═══ Task inputs ═══
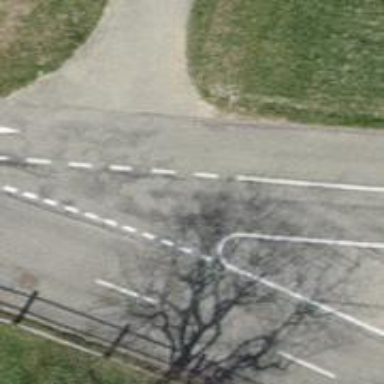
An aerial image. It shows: Tertiary road with asphalt surface.
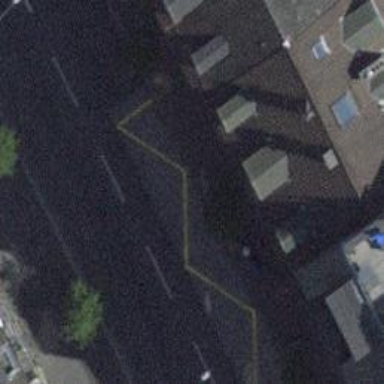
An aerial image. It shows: Bus stop for trolleybuses with designated stop position for public transport.
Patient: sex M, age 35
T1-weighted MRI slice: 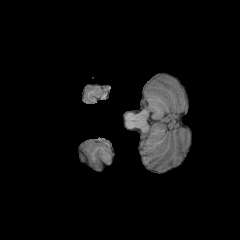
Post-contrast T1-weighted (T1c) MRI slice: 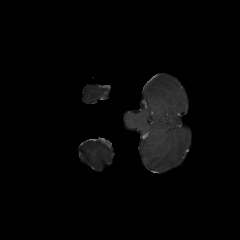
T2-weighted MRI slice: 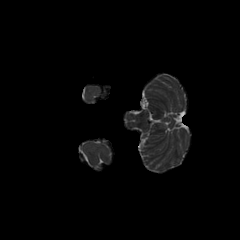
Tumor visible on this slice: no
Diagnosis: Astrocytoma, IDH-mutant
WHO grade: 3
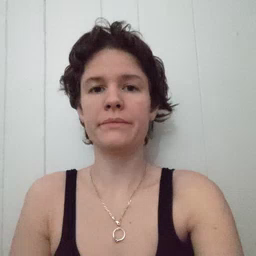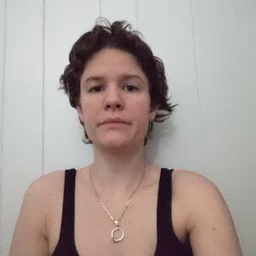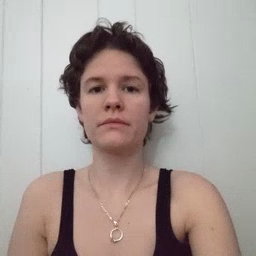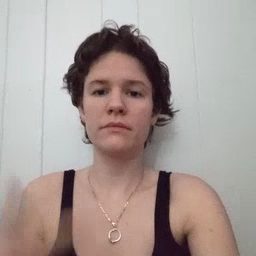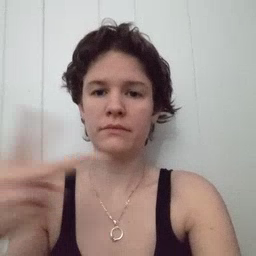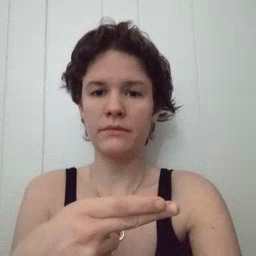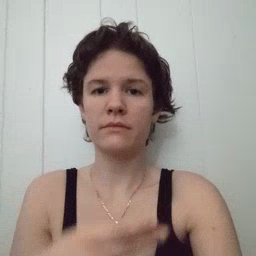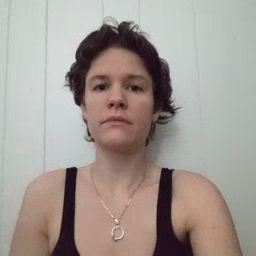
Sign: cut
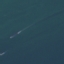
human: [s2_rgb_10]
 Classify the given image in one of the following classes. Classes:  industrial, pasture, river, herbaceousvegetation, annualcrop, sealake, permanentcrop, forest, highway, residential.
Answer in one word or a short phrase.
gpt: SeaLake
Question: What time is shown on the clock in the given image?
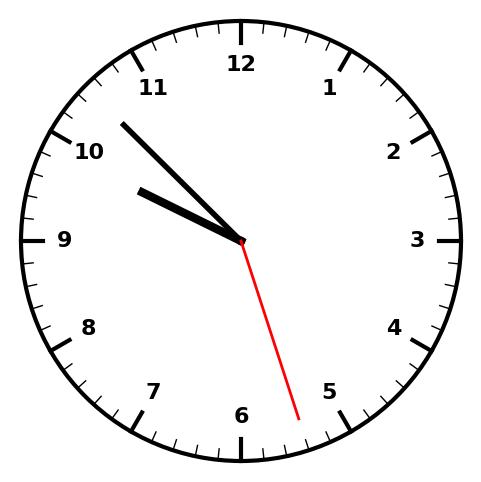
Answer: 09:52:27
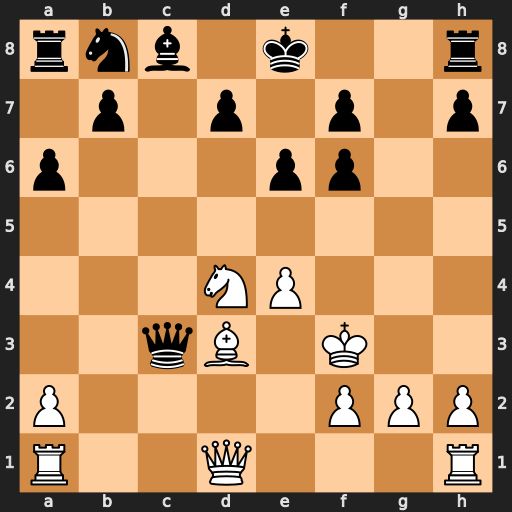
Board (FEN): rnb1k2r/1p1p1p1p/p3pp2/8/3NP3/2qB1K2/P4PPP/R2Q3R
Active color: w
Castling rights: kq
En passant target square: -
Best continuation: Rc1 Qxd4 Rxc8+ Ke7 Rxh8
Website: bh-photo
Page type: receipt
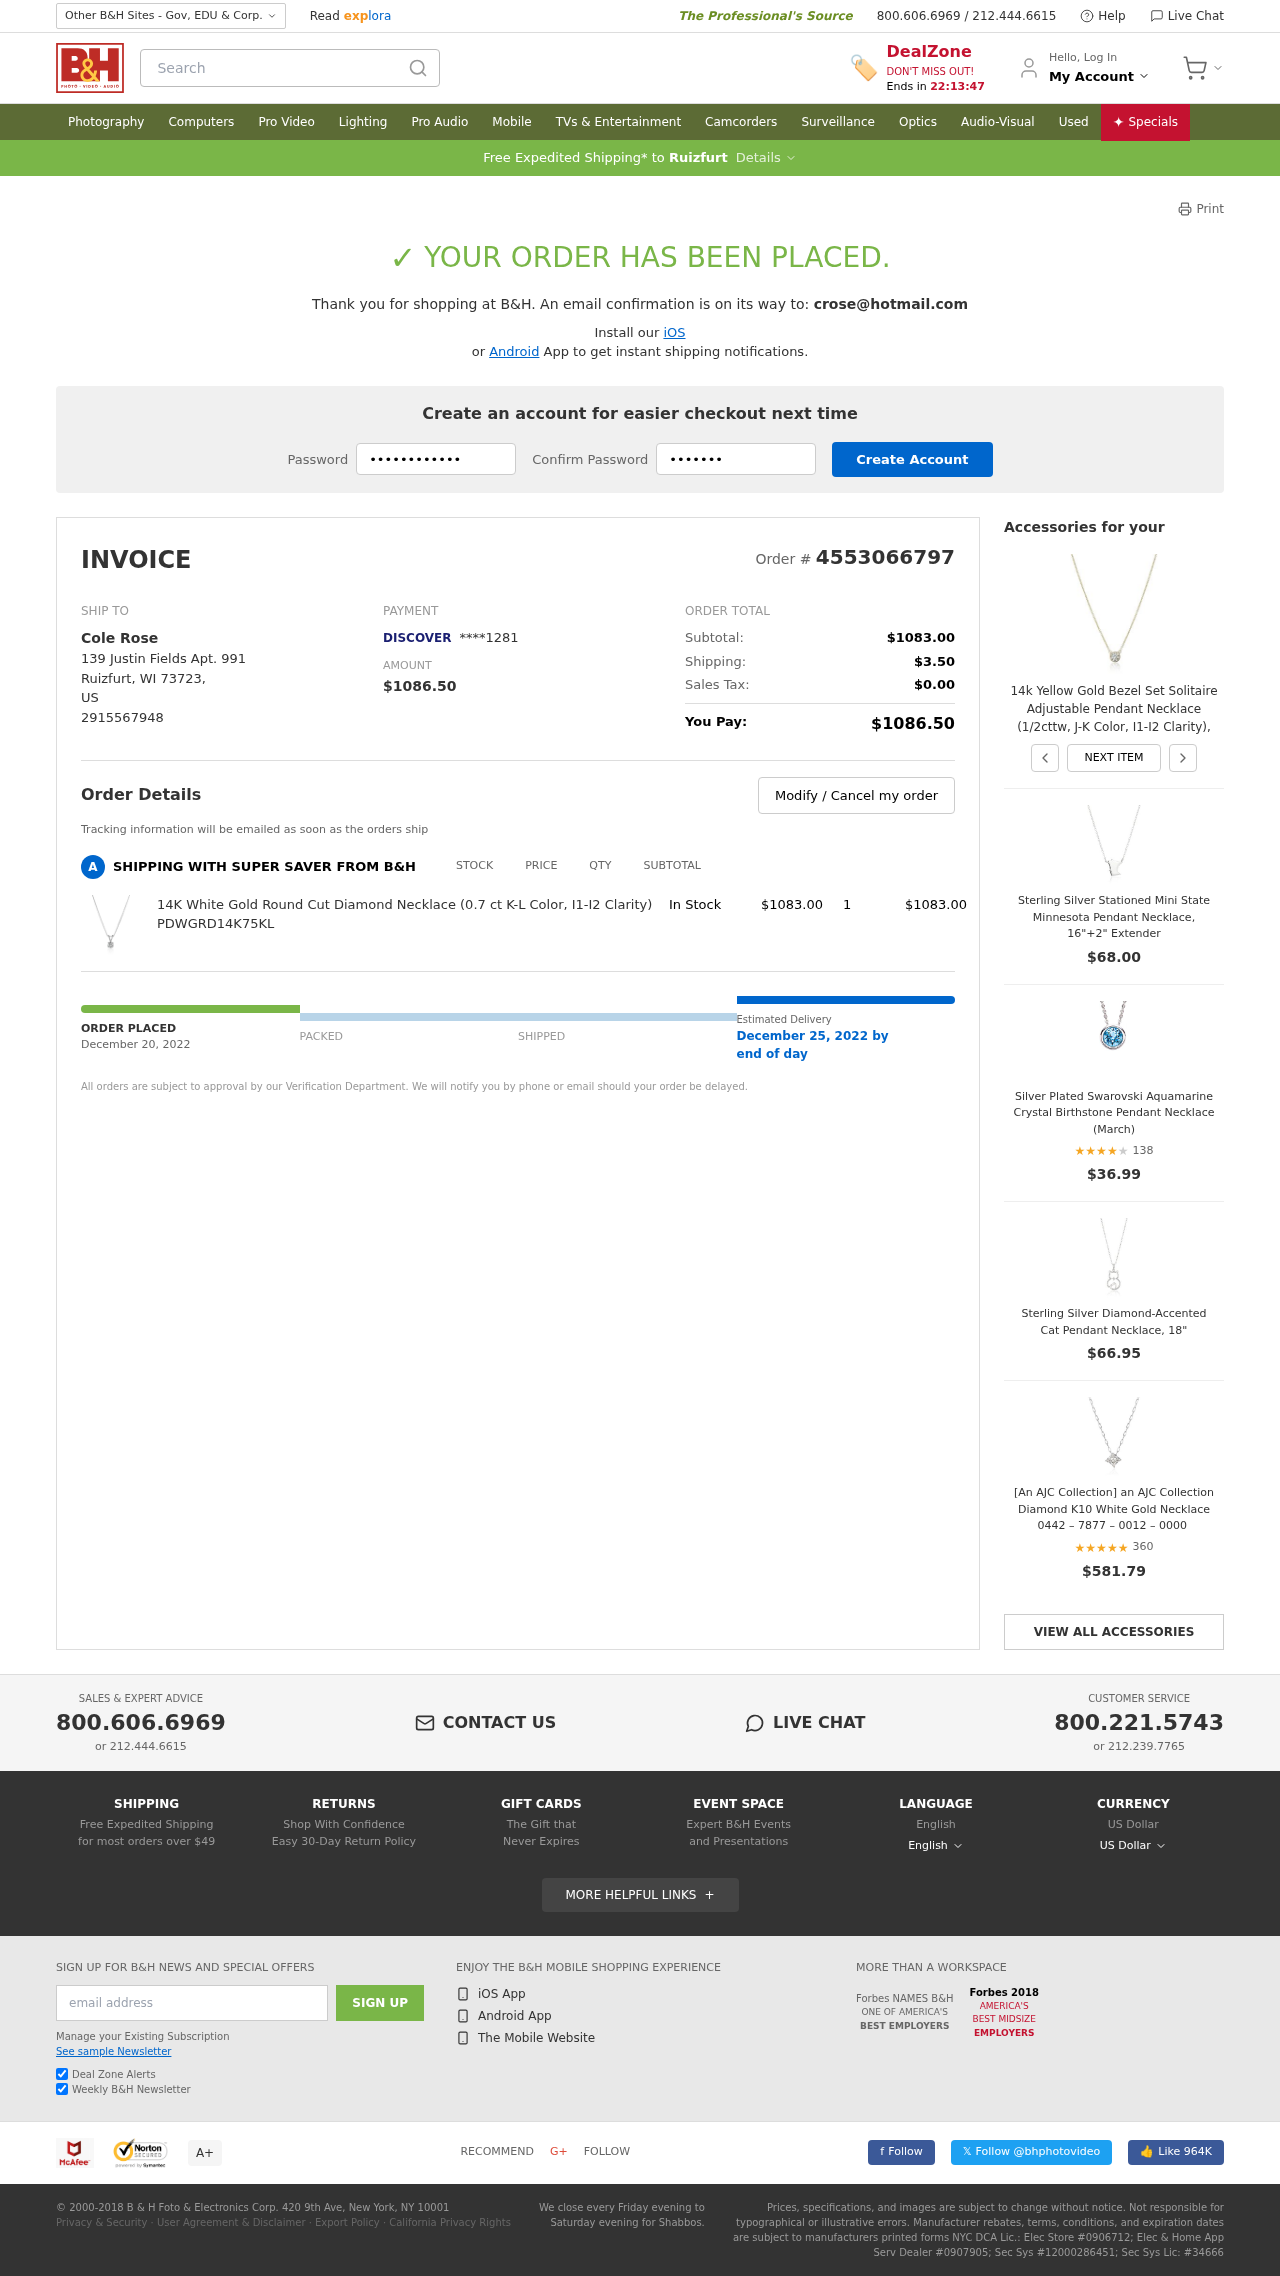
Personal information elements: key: PII_CARD_LAST4
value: ****1281
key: PII_CARD_TYPE
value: DISCOVER
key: PII_CITY
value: Ruizfurt
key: PII_COUNTRY_CODE
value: US
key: PII_EMAIL
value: crose@hotmail.com
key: PII_FULLNAME
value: Cole Rose
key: PII_PHONE
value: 2915567948
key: PII_POSTCODE
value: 73723
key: PII_STATE_ABBR
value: WI
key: PII_STREET
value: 139 Justin Fields Apt. 991
Product elements: key: PRODUCT1_NAME
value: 14K White Gold Round Cut Diamond Necklace (0.7 ct K-L Color, I1-I2 Clarity) PDWGRD14K75KL
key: PRODUCT1_PRICE
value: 1083
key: PRODUCT1_QUANTITY
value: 1
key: PRODUCT2_NAME
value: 14k Yellow Gold Bezel Set Solitaire Adjustable Pendant Necklace (1/2cttw, J-K Color, I1-I2 Clarity),
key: PRODUCT3_NAME
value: Sterling Silver Stationed Mini State Minnesota Pendant Necklace, 16"+2" Extender
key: PRODUCT3_PRICE
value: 68
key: PRODUCT4_NAME
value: Silver Plated Swarovski Aquamarine Crystal Birthstone Pendant Necklace (March)
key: PRODUCT4_NUM_RATINGS
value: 138
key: PRODUCT4_PRICE
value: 36.99
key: PRODUCT4_RATING
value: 3.6
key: PRODUCT5_NAME
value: Sterling Silver Diamond-Accented Cat Pendant Necklace, 18"
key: PRODUCT5_PRICE
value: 66.95
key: PRODUCT6_NAME
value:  [An AJC Collection] an AJC Collection Diamond K10 White Gold Necklace 0442 – 7877 – 0012 – 0000 
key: PRODUCT6_NUM_RATINGS
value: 360
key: PRODUCT6_PRICE
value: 581.79
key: PRODUCT6_RATING
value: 4.7
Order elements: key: ORDER_ID
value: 4553066797
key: ORDER_TOTAL
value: $1086.50
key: ORDER_SUBTOTAL
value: $1083.00
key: ORDER_SHIPPING_COST
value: $3.50
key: ORDER_TAX
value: $0.00
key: ORDER_DATE
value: December 20, 2022
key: ORDER_DELIVERY_DATE
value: December 25, 2022 by
Search elements: key: HEADER_SEARCH
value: Search
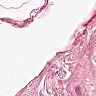
Metastatic tissue present: no
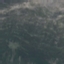
Land use / land cover: HerbaceousVegetation
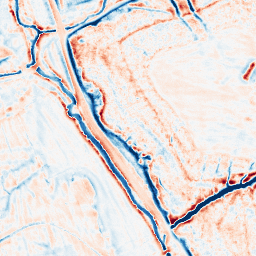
═══
* Problem details *
Wherever a picture appears, omit it; copy the rest of the data exactly.

* Answer for the task *
An aerial image. It shows: Tertiary road with asphalt surface.
An aerial image. It shows: Bus stop for trolleybuses with designated stop position for public transport.
Patient: sex M, age 35
T1-weighted MRI slice: 
Post-contrast T1-weighted (T1c) MRI slice: 
T2-weighted MRI slice: 
Tumor visible on this slice: no
Diagnosis: Astrocytoma, IDH-mutant
WHO grade: 3
Sign: cut
human: [s2_rgb_10]
 Classify the given image in one of the following classes. Classes:  industrial, pasture, river, herbaceousvegetation, annualcrop, sealake, permanentcrop, forest, highway, residential.
Answer in one word or a short phrase.
gpt: SeaLake
Question: What time is shown on the clock in the given image?
Answer: 09:52:27
Board (FEN): rnb1k2r/1p1p1p1p/p3pp2/8/3NP3/2qB1K2/P4PPP/R2Q3R
Active color: w
Castling rights: kq
En passant target square: -
Best continuation: Rc1 Qxd4 Rxc8+ Ke7 Rxh8
Website: bh-photo
Page type: receipt
Personal information elements: key: PII_CARD_LAST4
value: ****1281
key: PII_CARD_TYPE
value: DISCOVER
key: PII_CITY
value: Ruizfurt
key: PII_COUNTRY_CODE
value: US
key: PII_EMAIL
value: crose@hotmail.com
key: PII_FULLNAME
value: Cole Rose
key: PII_PHONE
value: 2915567948
key: PII_POSTCODE
value: 73723
key: PII_STATE_ABBR
value: WI
key: PII_STREET
value: 139 Justin Fields Apt. 991
Product elements: key: PRODUCT1_NAME
value: 14K White Gold Round Cut Diamond Necklace (0.7 ct K-L Color, I1-I2 Clarity) PDWGRD14K75KL
key: PRODUCT1_PRICE
value: 1083
key: PRODUCT1_QUANTITY
value: 1
key: PRODUCT2_NAME
value: 14k Yellow Gold Bezel Set Solitaire Adjustable Pendant Necklace (1/2cttw, J-K Color, I1-I2 Clarity),
key: PRODUCT3_NAME
value: Sterling Silver Stationed Mini State Minnesota Pendant Necklace, 16"+2" Extender
key: PRODUCT3_PRICE
value: 68
key: PRODUCT4_NAME
value: Silver Plated Swarovski Aquamarine Crystal Birthstone Pendant Necklace (March)
key: PRODUCT4_NUM_RATINGS
value: 138
key: PRODUCT4_PRICE
value: 36.99
key: PRODUCT4_RATING
value: 3.6
key: PRODUCT5_NAME
value: Sterling Silver Diamond-Accented Cat Pendant Necklace, 18"
key: PRODUCT5_PRICE
value: 66.95
key: PRODUCT6_NAME
value:  [An AJC Collection] an AJC Collection Diamond K10 White Gold Necklace 0442 – 7877 – 0012 – 0000 
key: PRODUCT6_NUM_RATINGS
value: 360
key: PRODUCT6_PRICE
value: 581.79
key: PRODUCT6_RATING
value: 4.7
Order elements: key: ORDER_ID
value: 4553066797
key: ORDER_TOTAL
value: $1086.50
key: ORDER_SUBTOTAL
value: $1083.00
key: ORDER_SHIPPING_COST
value: $3.50
key: ORDER_TAX
value: $0.00
key: ORDER_DATE
value: December 20, 2022
key: ORDER_DELIVERY_DATE
value: December 25, 2022 by
Search elements: key: HEADER_SEARCH
value: Search
Metastatic tissue present: no
Land use / land cover: HerbaceousVegetation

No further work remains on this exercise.